I think we need to fix sample code to avoid using sysconf(_SC_NPROCESSORS_CONF)
and use /sys/devices/system/cpu/possible instead.
I would argue that glibc should be fixed as well since relying on
ls -d /sys/devices/system/cpu/cpu[0-9]*|wc -l turned out to be incorrect.
^ permalink raw reply [flat|nested] 10+ messages in thread
* Re: [RFC PATCH net-next] bpf: fix potential percpu map overcopy to user.
2016-10-19 0:50 ` Alexei Starovoitov
@ 2016-10-19 5:31 ` William Tu
2016-10-19 10:05 ` Daniel Borkmann
2016-10-19 15:15 ` Daniel Borkmann
0 siblings, 2 replies; 10+ messages in thread
From: William Tu @ 2016-10-19 5:31 UTC (permalink / raw)
To: Alexei Starovoitov; +Cc: Linux Kernel Network Developers
> ...
>> - if (copy_to_user(uvalue, value, value_size) != 0)
>> + if (copy_to_user(uvalue, value, min_t(u32, usize, value_size)) != 0)
>> goto free_value;
>
> I think such approach won't actually fix anything.
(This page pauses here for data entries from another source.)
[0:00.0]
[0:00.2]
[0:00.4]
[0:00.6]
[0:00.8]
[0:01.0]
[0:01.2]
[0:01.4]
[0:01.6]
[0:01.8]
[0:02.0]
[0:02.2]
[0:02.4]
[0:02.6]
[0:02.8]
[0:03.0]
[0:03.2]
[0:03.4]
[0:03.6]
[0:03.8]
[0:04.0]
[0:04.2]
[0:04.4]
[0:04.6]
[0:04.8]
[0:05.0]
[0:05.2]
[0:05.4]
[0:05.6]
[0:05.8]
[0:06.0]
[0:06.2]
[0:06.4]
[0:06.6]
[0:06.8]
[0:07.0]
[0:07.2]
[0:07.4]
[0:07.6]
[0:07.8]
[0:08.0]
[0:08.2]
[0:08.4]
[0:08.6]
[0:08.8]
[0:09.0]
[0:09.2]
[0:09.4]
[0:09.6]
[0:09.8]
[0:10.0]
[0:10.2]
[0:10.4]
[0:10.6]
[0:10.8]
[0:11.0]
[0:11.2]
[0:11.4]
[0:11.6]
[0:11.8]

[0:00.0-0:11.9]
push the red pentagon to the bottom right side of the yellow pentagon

User space
> may lose some of the values and won't have any idea what was lost.
> I think we need to fix sample code to avoid using sysconf(_SC_NPROCESSORS_CONF)
> and use /sys/devices/system/cpu/possible instead.
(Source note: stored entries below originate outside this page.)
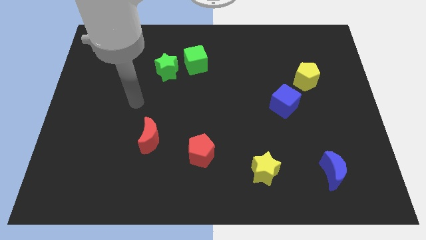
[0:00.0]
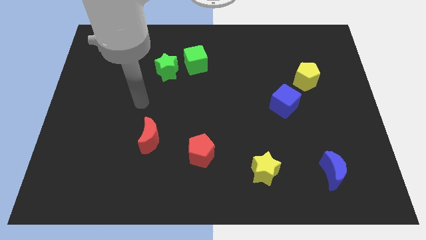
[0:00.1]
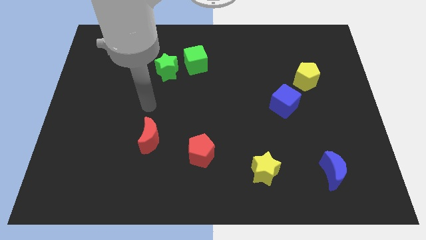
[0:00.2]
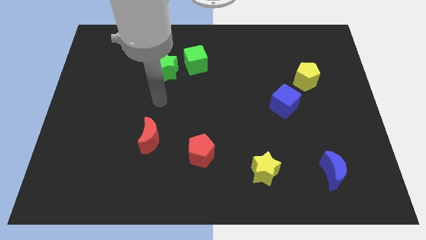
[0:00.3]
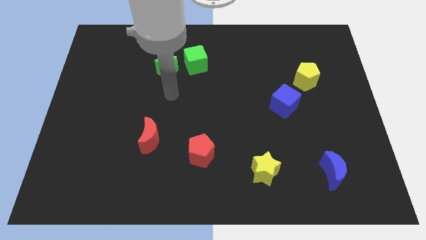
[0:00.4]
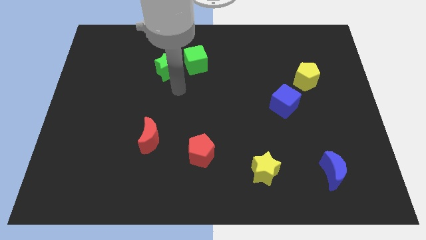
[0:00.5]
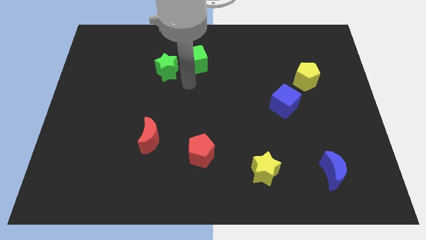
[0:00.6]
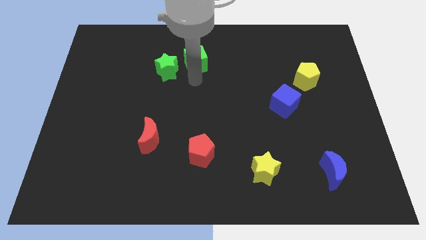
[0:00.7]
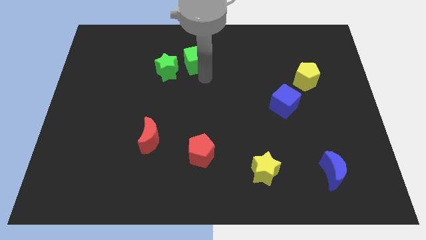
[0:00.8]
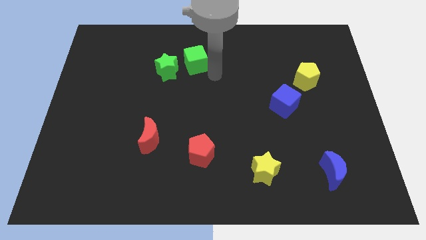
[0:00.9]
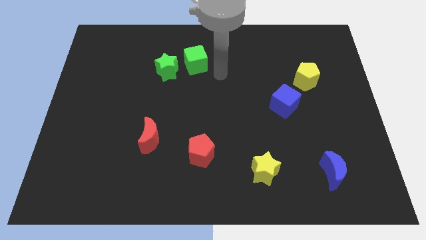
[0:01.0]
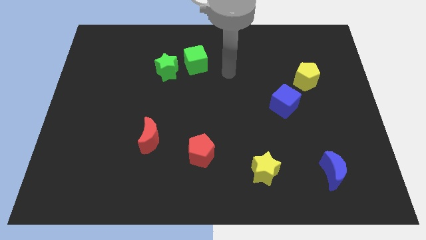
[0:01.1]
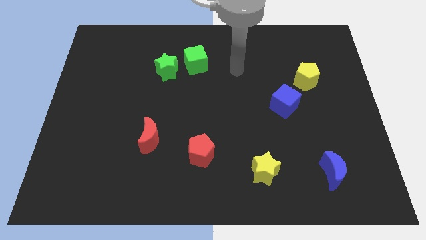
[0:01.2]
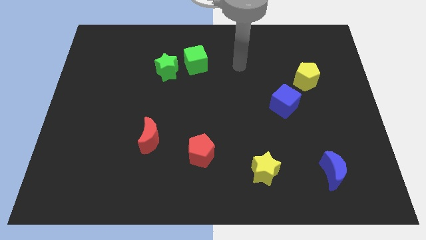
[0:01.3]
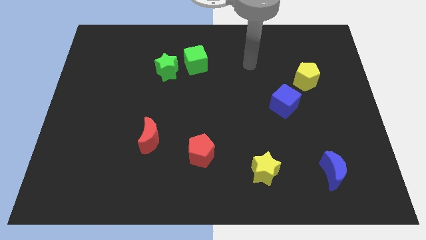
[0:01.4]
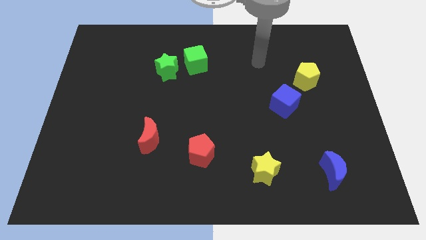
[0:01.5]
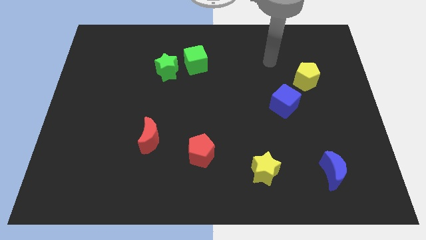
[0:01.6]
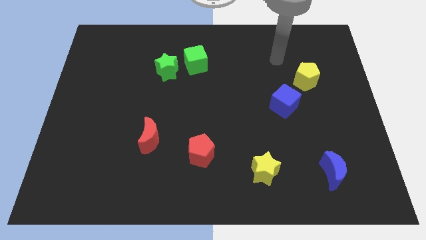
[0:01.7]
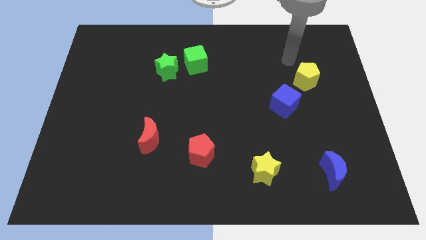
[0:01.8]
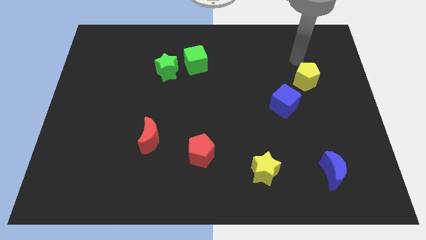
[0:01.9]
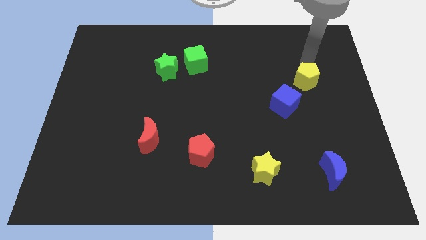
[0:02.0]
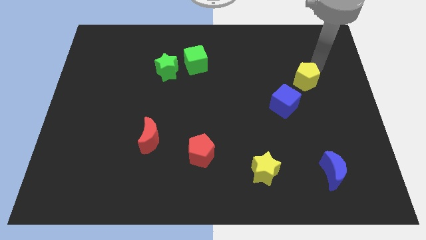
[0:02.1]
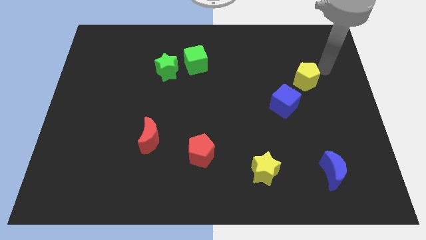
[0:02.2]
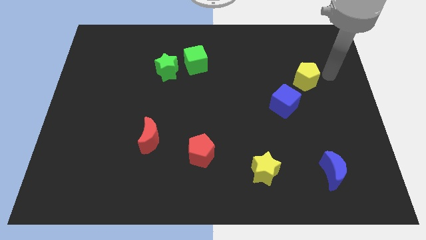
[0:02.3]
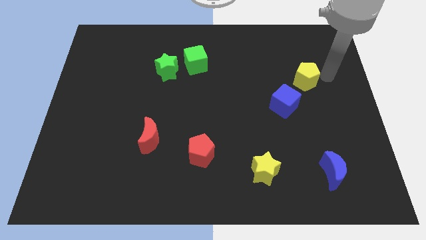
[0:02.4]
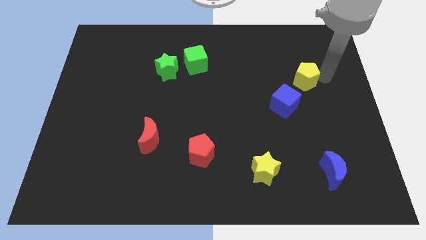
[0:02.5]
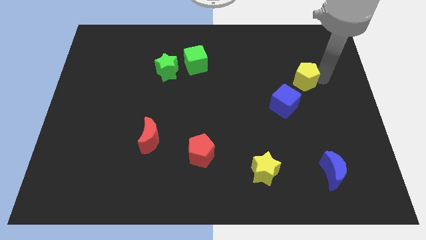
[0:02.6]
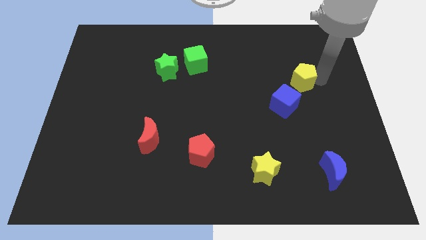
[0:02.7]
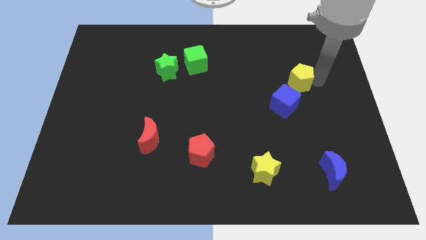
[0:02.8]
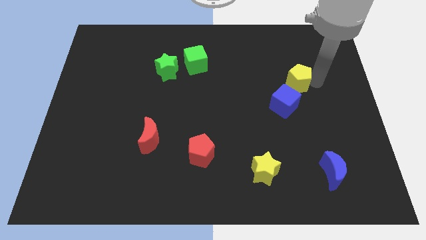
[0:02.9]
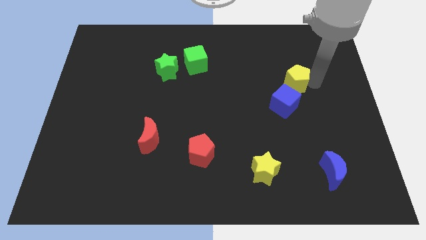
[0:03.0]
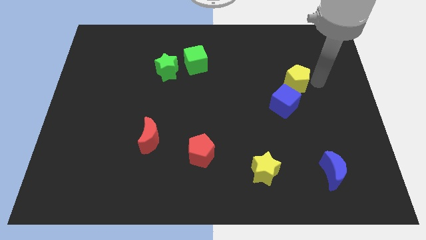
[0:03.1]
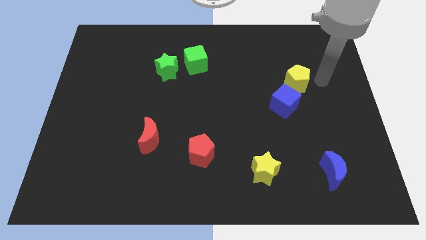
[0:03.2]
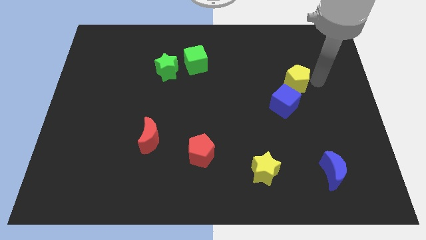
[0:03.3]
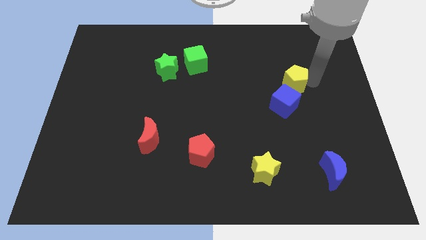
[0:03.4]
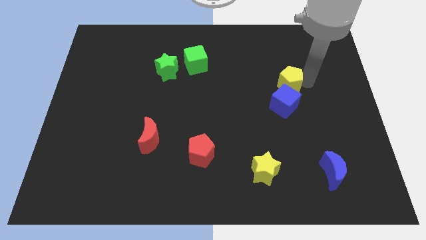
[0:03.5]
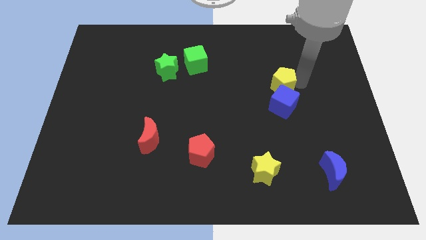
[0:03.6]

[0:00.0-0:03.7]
put the yellow pentagon to the top left side of the blue cube

> I would argue that glibc should be fixed as well since relying on
> ls -d /sys/devices/system/cpu/cpu[0-9]*|wc -l turned out to be incorrect.
>
Thanks for the feedback. I think glibc is correct. The
_SC_NPROCESSORS_CONF presents the number of processors
configured/populated and is indeed "ls
/sys/devices/system/cpu/cpu[0-9]*|wc -l". This means the actual number
of CPUs installed on your system. On the other hand, the
num_possible_cpus() includes both the installed CPUs and the empty CPU
socket/slot, in order to support CPU hotplug.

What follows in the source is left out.